Left to right: Bailey Seils, Jenny Grenert, Eliza Lay, A.J. Wolosenko and Rachael Gabriel.

To simplify the process, I created an order form:

The “HR” field was their “home room” numbers for delivering prints and the “Sheets and Numbers” fields indicated the corresponding image numbers from the contact sheets. The math, as I remember it: I charged $5 for each 8×10″ print, with some sort of large price break for multiples of the same print (maybe only $2 for each additional print?). I think the drama department paid for the film (score!) because the photos were used in the school newspaper and other publicity purposes. The black and white paper cost 25 cents a sheet, and I went through about 3 sheets of paper in the school’s darkroom to get a perfect print. Once I had a finished print, it was easy to make additional copies at the same darkroom enlarger without wasting paper. So, I was pulling in about $4.25 profit on the first of each photo ordered, plus $1.75 for each additional copy. I don’t remember exactly how many prints I made all together, but I think it was somewhere in the 20-30 range. I probably earned less than $100 for what I’m sure was many hours slaving away in the darkroom and delivering orders to home rooms, but the process of turning art into income was an exciting new experience, and I knew it wouldn’t be my last.
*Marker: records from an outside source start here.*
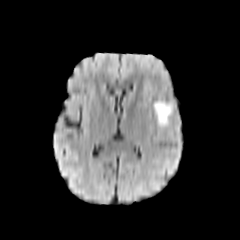
FLAIR MR image.
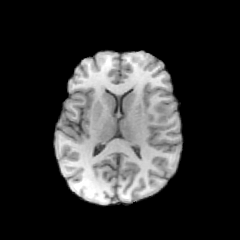
T1-weighted magnetic resonance of the same slice.
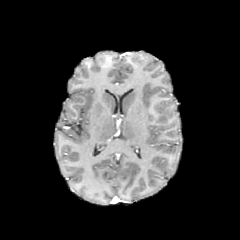
Post-contrast T1-weighted MR.
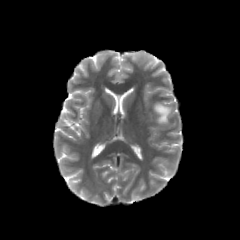
T2-weighted MR of the same slice.
240x240
{"non-enhancing_tumor_core": ["l=156, t=102, r=174, b=123"]}
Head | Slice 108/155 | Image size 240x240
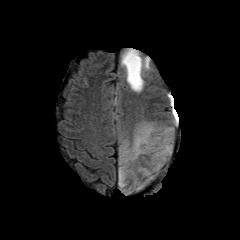
FLAIR magnetic resonance.
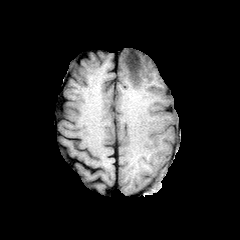
T1-weighted magnetic resonance of the same slice.
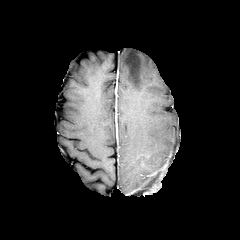
Post-contrast T1-weighted MRI of the same slice.
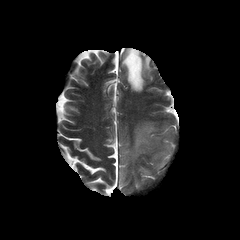
T2-weighted MRI of the same slice.
Non-enhancing tumor core = l=126, t=52, r=139, b=81.
Edema = l=119, t=166, r=125, b=186; l=134, t=126, r=156, b=151; l=120, t=49, r=150, b=92.
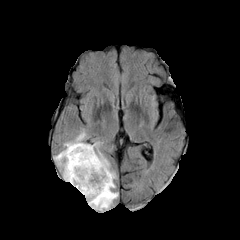
FLAIR MR image.
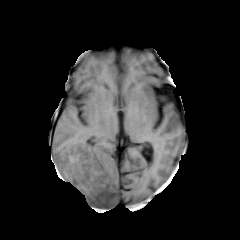
T1-weighted magnetic resonance.
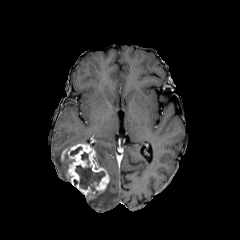
Post-contrast T1-weighted MR image.
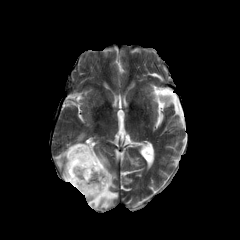
T2-weighted MR image of the same slice.
Brain
{
  "edema": [
    "x1=88, y1=141, x2=117, y2=210",
    "x1=54, y1=132, x2=90, y2=181"
  ],
  "non-enhancing_tumor_core": [
    "x1=75, y1=166, x2=104, y2=189"
  ],
  "enhancing_tumor": [
    "x1=61, y1=142, x2=109, y2=199"
  ]
}
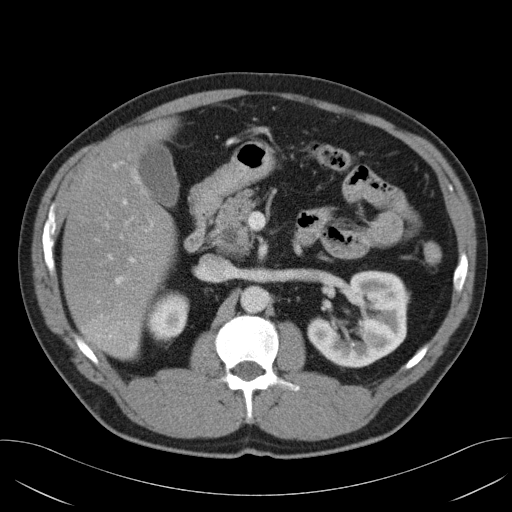 CT image | Abdomen

pancreas:
  - bbox=[206, 189, 258, 259]
pancreatic_tumor:
  - bbox=[220, 226, 239, 246]
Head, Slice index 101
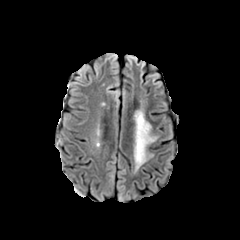
FLAIR MR.
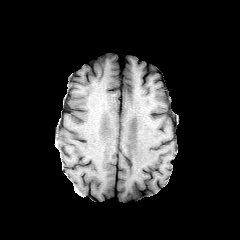
T1-weighted MR.
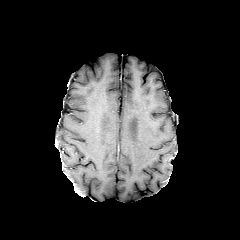
Post-contrast T1-weighted MRI of the same slice.
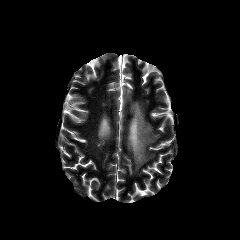
T2-weighted MR of the same slice.
Edema = [x1=132, y1=109, x2=157, y2=171].
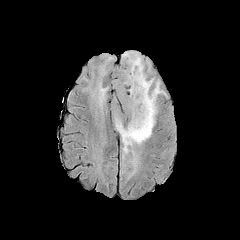
FLAIR MR image.
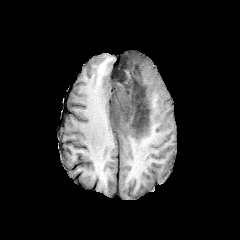
Same slice, T1-weighted MRI.
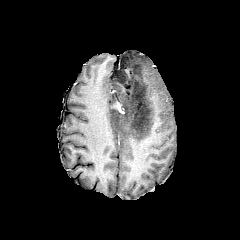
Post-contrast T1-weighted MRI.
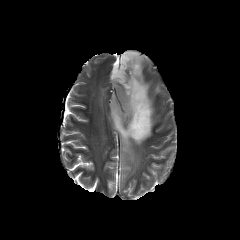
T2-weighted MR of the same slice.
Brain
The edema appears at x1=114, y1=51, x2=162, y2=171. 3 non-enhancing tumor core regions are bounded by x1=113, y1=108, x2=121, y2=121; x1=118, y1=59, x2=138, y2=73; x1=123, y1=74, x2=150, y2=133.
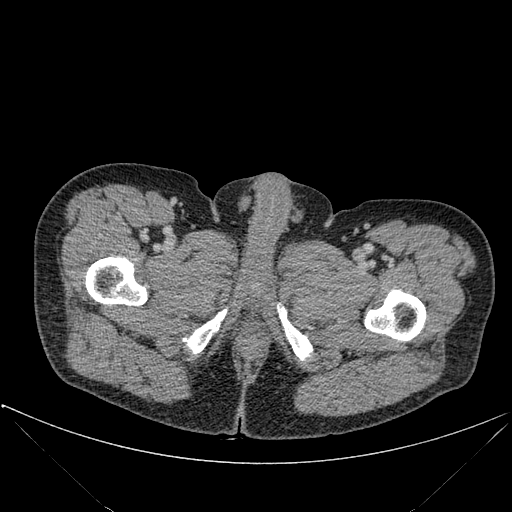 CT slice
Bone at [364, 290, 425, 340], [277, 304, 312, 360], [85, 257, 147, 305], [182, 309, 226, 353].
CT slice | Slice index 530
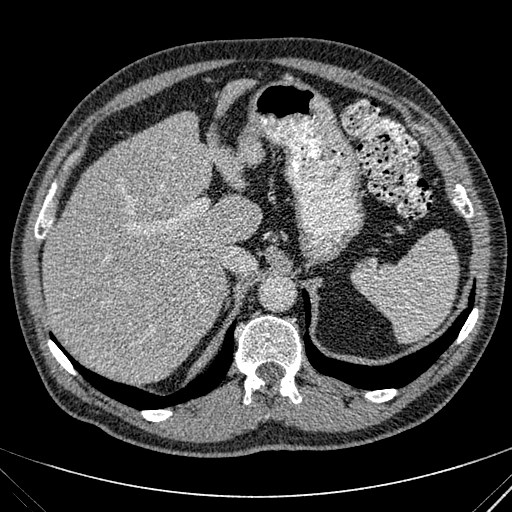

Liver: 217:80:255:112, 44:113:260:380.
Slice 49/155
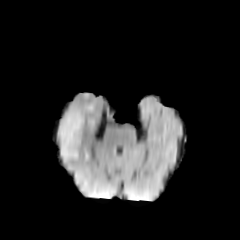
FLAIR MR image.
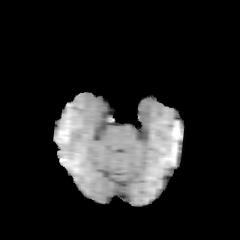
T1-weighted MR of the same slice.
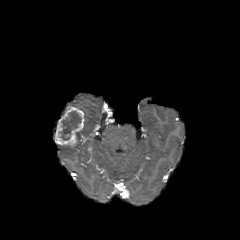
Post-contrast T1-weighted MR image.
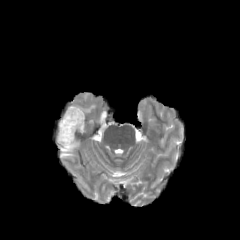
T2-weighted MR.
* edema: [x1=70, y1=105, x2=94, y2=113], [x1=61, y1=150, x2=77, y2=160]
* enhancing tumor: [x1=54, y1=106, x2=84, y2=146]
* non-enhancing tumor core: [x1=59, y1=110, x2=81, y2=140]
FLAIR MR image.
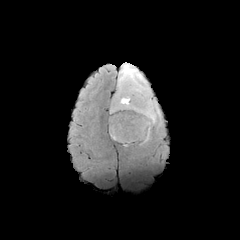
T1-weighted magnetic resonance.
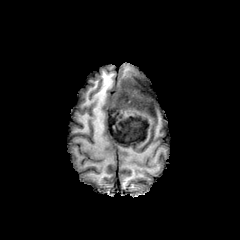
Post-contrast T1-weighted magnetic resonance.
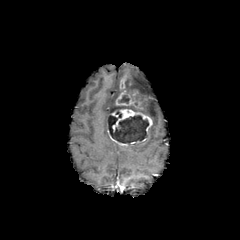
T2-weighted MR image.
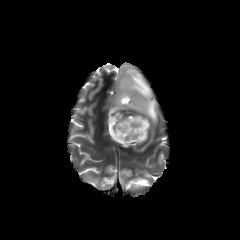
240x240; Brain
Findings:
* enhancing tumor: bbox=[112, 109, 152, 133]; bbox=[116, 90, 135, 105]; bbox=[107, 130, 128, 148]
* edema: bbox=[148, 101, 160, 124]; bbox=[117, 62, 151, 99]
* non-enhancing tumor core: bbox=[108, 76, 151, 145]
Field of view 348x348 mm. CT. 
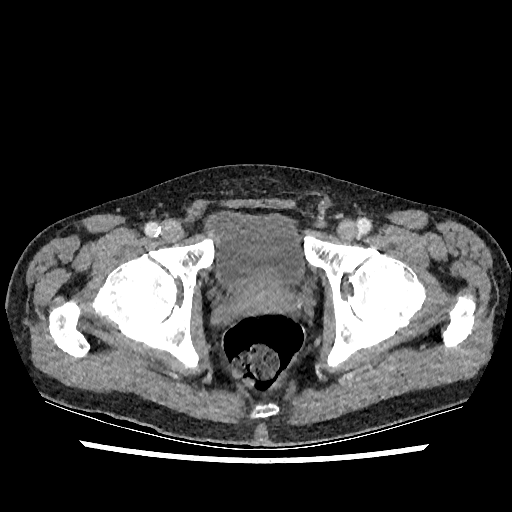
The urinary bladder is at 203:210:313:322.
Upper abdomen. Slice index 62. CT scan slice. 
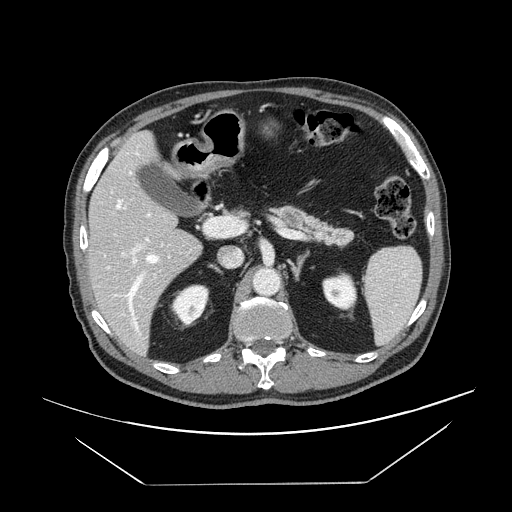 Segmented structures:
* pancreatic tumor: 284 210 300 226
* pancreas: 268 204 354 248
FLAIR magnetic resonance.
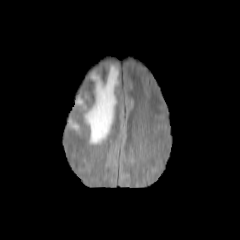
T1-weighted MR image.
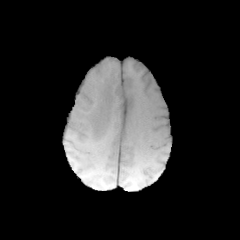
Post-contrast T1-weighted magnetic resonance.
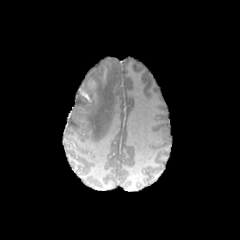
T2-weighted MR.
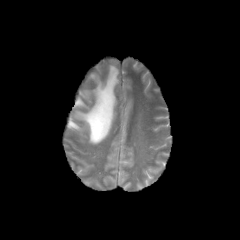
Head
2 edema regions are bounded by <box>67,118,79,129</box>, <box>72,64,118,144</box>. The non-enhancing tumor core lies within <box>78,88,93,105</box>.
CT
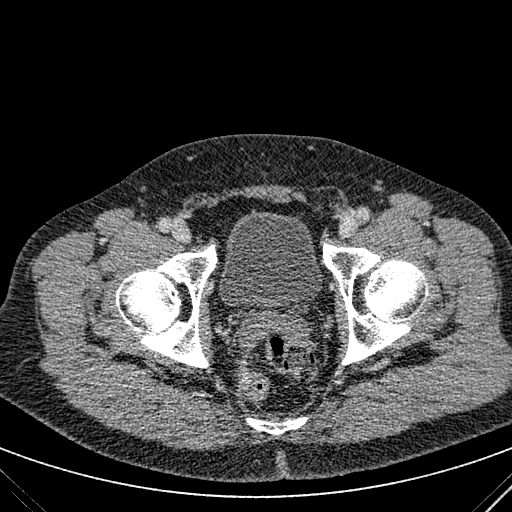

Annotated regions:
- urinary bladder: bbox(218, 209, 323, 315)
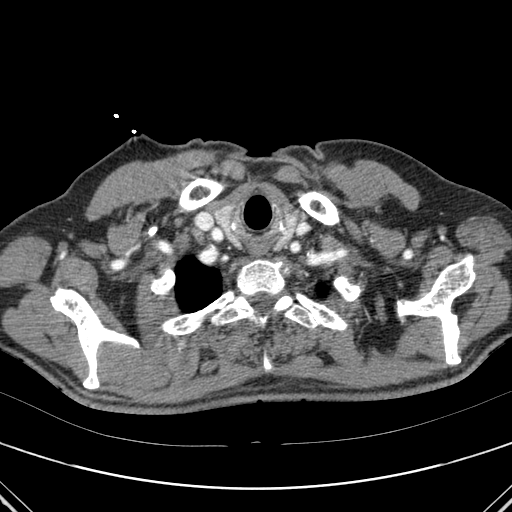
Chest, Computed tomography
Annotated regions:
• bone: 50,288,139,388; 397,255,475,364; 179,178,223,210; 161,260,347,335; 264,355,271,370; 151,268,174,295; 404,250,411,258; 334,276,360,301; 148,226,156,235; 298,191,338,224
• lung: 175,255,221,312; 317,283,327,296
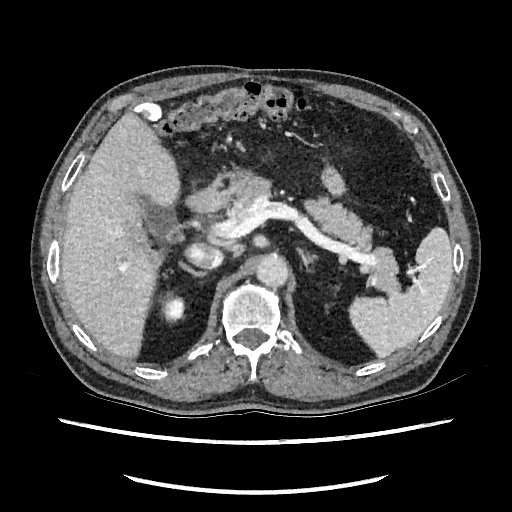 Liver, CT image
The focal liver lesion appears at (x1=131, y1=224, x2=158, y2=265). The kidney lies within (x1=162, y1=297, x2=184, y2=321). The liver appears at (x1=64, y1=115, x2=178, y2=356).
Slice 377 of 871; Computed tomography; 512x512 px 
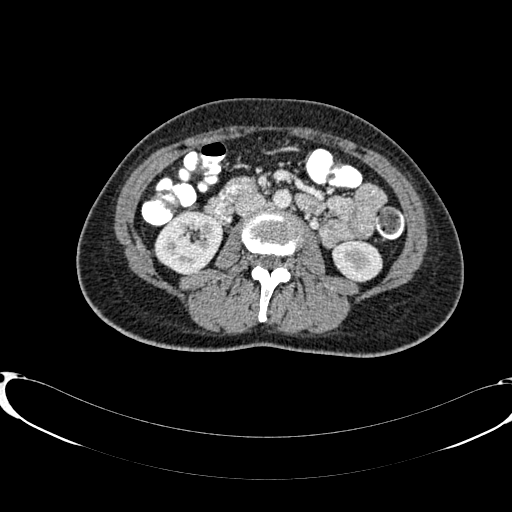
Kidney at 156:213:221:272, 333:242:380:279.
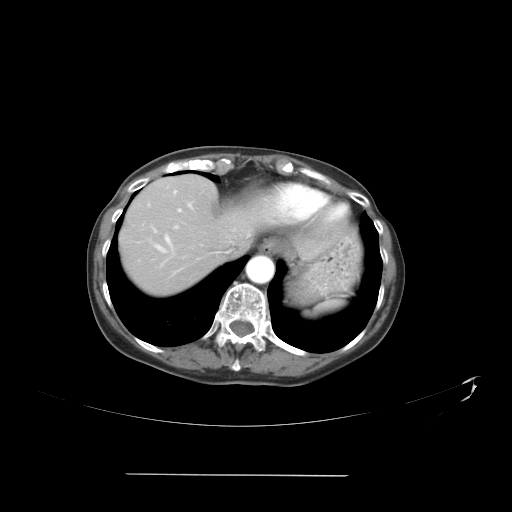 Liver; Computed tomography
Only some of the vessels may be annotated.
<segmentation>
  <hepatic_vessel>177,209,180,211; 165,235,172,247; 174,226,177,228; 247,233,249,236; 152,227,156,232; 155,244,165,252</hepatic_vessel>
</segmentation>
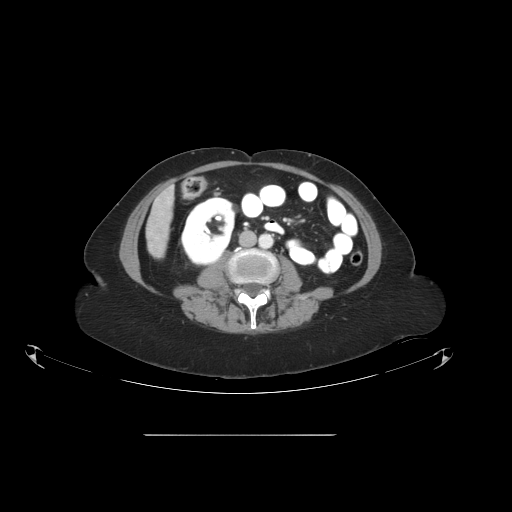

CT slice
The colon tumor is bounded by x1=180, y1=176, x2=207, y2=199.

And waddayaknow, 11 years after Pericles at Brookline High School, I was hired to shoot the Tony Awards at Radio City Music Hall!

©Madison Square Garden, L.P.

How did YOU make your first dollar from photography? Leave a comment below!

Other posts in the series, How I Became a Professional Photographer and What I Saw Along the Way:

6 Comments leave one →
  1. Shira permalink
    May 25, 2011 11:03 am

    I love this post! “Head of Publicity” – ha! It is funny to imagine you delivering prints to different home room classes.

    • May 31, 2011 8:27 am

      I know, the best part is that I was actually the head of a 3-person publicity team! Good times….

  2. May 27, 2011 7:48 pm

    This is great! As for my first paying job, it probably would have been when I was a sophomore in college. I worked (very part-time) as a photojournalist for the campus newspaper, which I am still proud about. Before that, I was a high school yearbook staff photographer, and I also liked being behind the scenes for drama. During my senior year in high school I created albums from the photos (some also used in the yearbook) for theatre and, by invitation, the student leadership class.

    • May 31, 2011 8:30 am

      Thanks for sharing! For some reason I wasn’t involved with my high school yearbook at all, but looking back, I’m not sure why. It probably would have been a good fit.

  3. May 31, 2011 2:14 am

    Great post! I will share with other students who work in the yearbook, newspaper and video programs!